What’s the Deal With Content Marketing?

With the continuous industry shift towards inbound marketing strategies, the marketing sphere seems to be resting it’s gaze on the use of content marketing as a means to lure in customers. Why? Because content marketing is essentially at the heart of inbound marketing. In order to pull customers in, you need to offer them content that is interesting and valuable. The Content Marketing Institute (CMI) defines content marketing as:

“…a strategic marketing approach focused on creating and distributing valuable, relevant, and consistent content to attract and retain a clearly-defined audience — and, ultimately, to drive profitable customer action.”

The rapidly increasing industry shift is further made evident by the fact that apparently 90% of B2C businesses and 93% of B2B businesses use content marketing. In fact, 72% of B2C marketers are producing more content than they did one year ago and 60% plan to increase their marketing budget in the next 12 months (as of 2014).

Help! I’m Drowning!

In this vast sea of media and online content, it seems like anyone could easily drown. One of Google’s executive chairmen, Eric Schmidt, testifies to the boundless ocean of content that is being created everyday:

“More content is being created in 48 hours than what was produced from the beginning of time until 2003.”

I’m not sure about you, but this is a little hard for me to wrap my brain around. Even after exploring a tiny fraction of the information that is available on content marketing, I began to feel like I was losing air. There seems to be limitless amounts of articles, videos, and other forms of content that explain how to make content—It’s rather meta if you think about it. Is all of this content a good thing or a bad thing? How can we cut through the clutter? I’m not really sure that I have the answer to either of these questions, but if I did, then I would likely be writing a book right now instead of a blog post.

A Critical Analysis

Clearly there is value in content marketing, but it seems like the push is for everyone and their brother to be blogging nowadays. Is this really necessary to remain competitive in today’s business world? Companies like HubSpot, Marketo, Zerys, and organizations like the Content Marketing Institute produce a flood of content promoting the practice of content marketing, because they have a lot to gain from companies jumping on the bandwagon. Namely, that people will buy their content and software. My point in saying all of this, is that just because there is a crowd of corporate voices shouting all at once, it doesn’t necessarily mean that all of their practices are for everyone. Continuously pumping out blogs may not necessarily be realistic or relevant for certain companies. It works well for companies like HubSpot because their company provides service in the broad domain of digital marketing. What about companies that offer a small range of products with straightforward value? Certainly producing content that offers value to the customer could possibly help drive their company forward, but I’m not so certain that a one-size-fits-all approach is the best when it comes to content marketing. Why? Because businesses are unique entities that have different needs, values, and capabilities. They should implement a content marketing strategy that caters best to their goals and abilities.

Some Important Takeaways

I could sit here and create a list of tips on how to create an effective content marketing strategy, but that is what everyone else is doing, and I would prefer not to add to the clutter (even if it’s a venture that is futile). Instead, I’ll leave you with a few of the most basic and essential takeaways that I have gathered in conducting my research. These are universal ideas that companies should consider when developing a content marketing strategy.
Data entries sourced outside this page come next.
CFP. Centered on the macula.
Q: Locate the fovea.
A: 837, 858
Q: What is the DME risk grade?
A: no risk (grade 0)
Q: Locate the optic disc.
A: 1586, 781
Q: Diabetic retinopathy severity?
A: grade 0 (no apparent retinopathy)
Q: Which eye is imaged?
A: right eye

The first, is that value is key. It is extremely important not to create content for the sake of creating content. If you create meaningless content for the sake of increasing your online presence, then all you are doing is adding to the sea of clutter—and consumers will see right through you or ignore you altogether. Part of the problem with content marketing today seems to be that there is too much content and not enough value.
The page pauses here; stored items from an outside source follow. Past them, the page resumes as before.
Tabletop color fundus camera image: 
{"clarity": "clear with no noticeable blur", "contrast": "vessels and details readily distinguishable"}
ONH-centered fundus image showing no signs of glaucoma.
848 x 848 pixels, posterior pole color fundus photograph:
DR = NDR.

In attempting to create value, having a campaign that is focused is essential. Part of creating value for customers means that content must remain focused in more than one way. It must focus on a particular target market and focus on a particular need or interest of that target market. Sending out a grapeshot of content to the masses means less relevant content for everyone involved and a loss of potential conversions.
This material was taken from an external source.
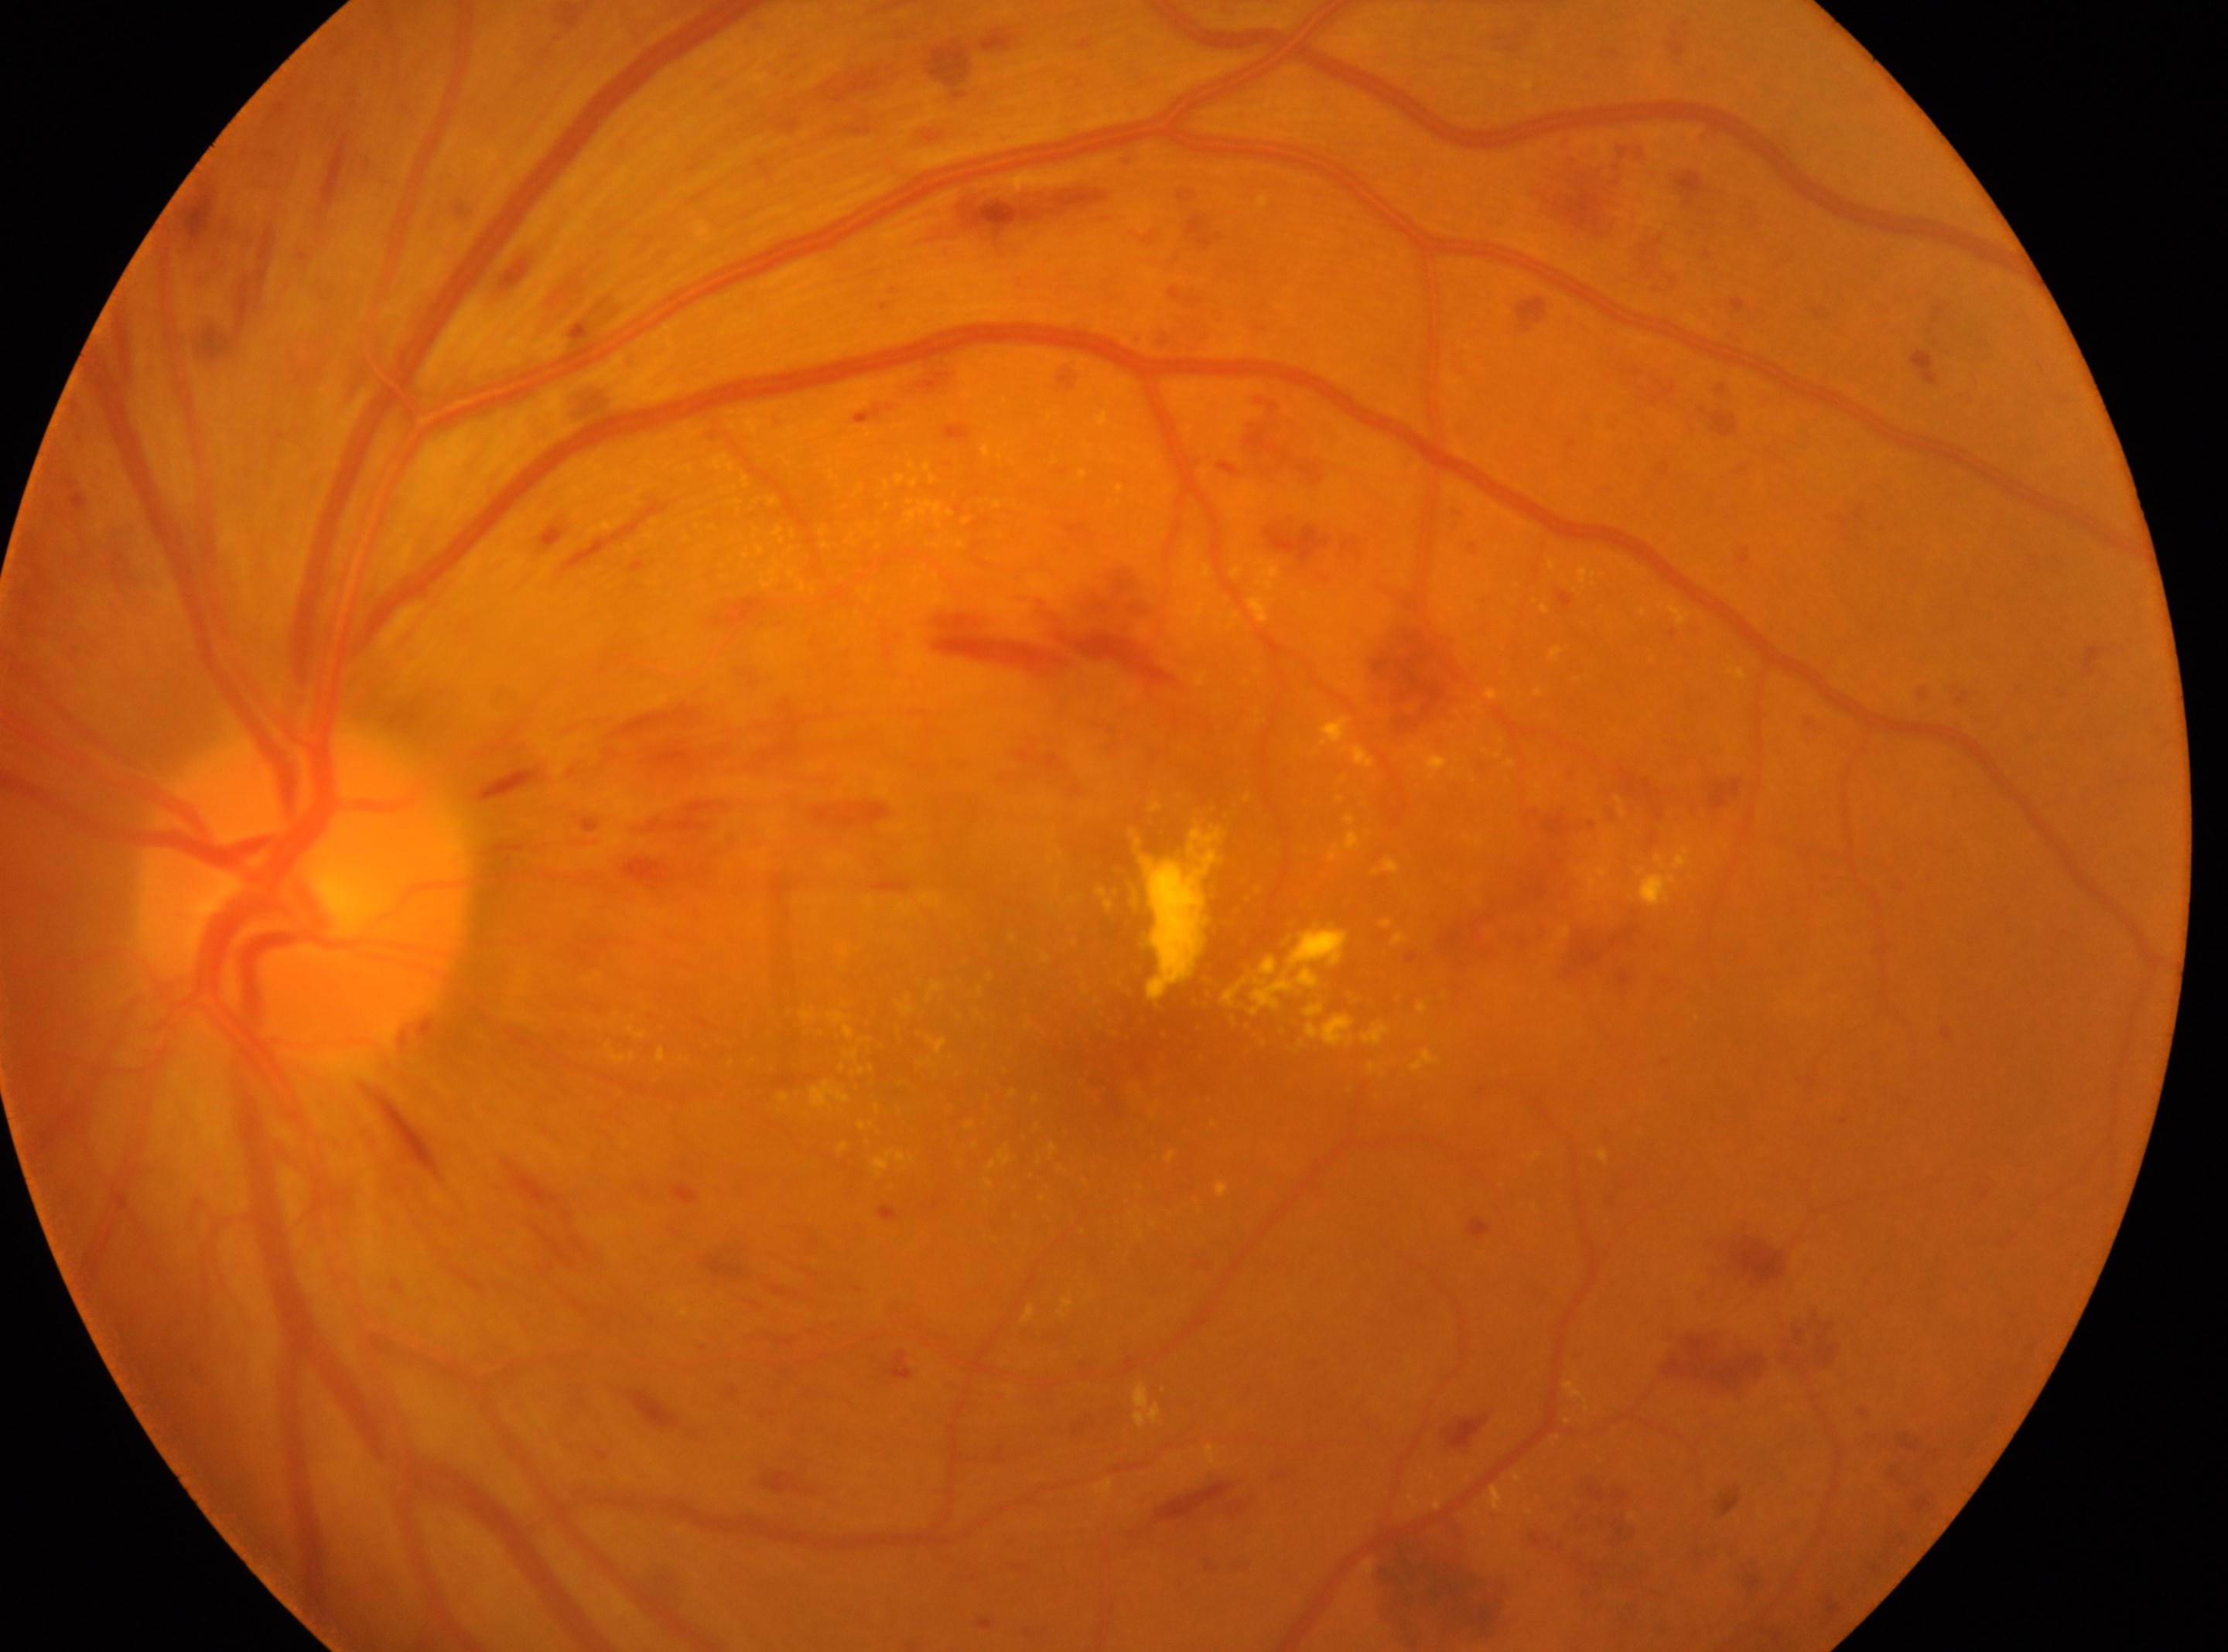

Fovea located at (1086, 1066). DR grade: 3 — more than 20 intraretinal hemorrhages in each of 4 quadrants, definite venous beading in 2 or more quadrants, or prominent intraretinal microvascular abnormalities in 1 or more quadrants, with no signs of proliferative retinopathy. Optic disk: (305, 889). Eye: left.

Finally, in the endeavor to create value, strategy and direction are important. You need a plan and a direction for your content, not only to create value, but also to create quality content. In fact, according to Content Harmony’s trends for 2015, it’s possible that we could see a rise use of serial content, which seems to be pretty effective at getting consumers’ attention. This refers to a series of related content that is released periodically, almost like a TV show. Serial content and other pieces of effective content require strategy and direction just like any other successful campaign on the planet.

Cutting through the clutter and creating value is not necessarily easy, but it certainly can lead to remarkable results for your inbound marketing campaign. I definitely don’t have all of the answers when it comes to content marketing and I likely have raised more questions than I have answers. But nonetheless, hopefully you found my content to be valuable.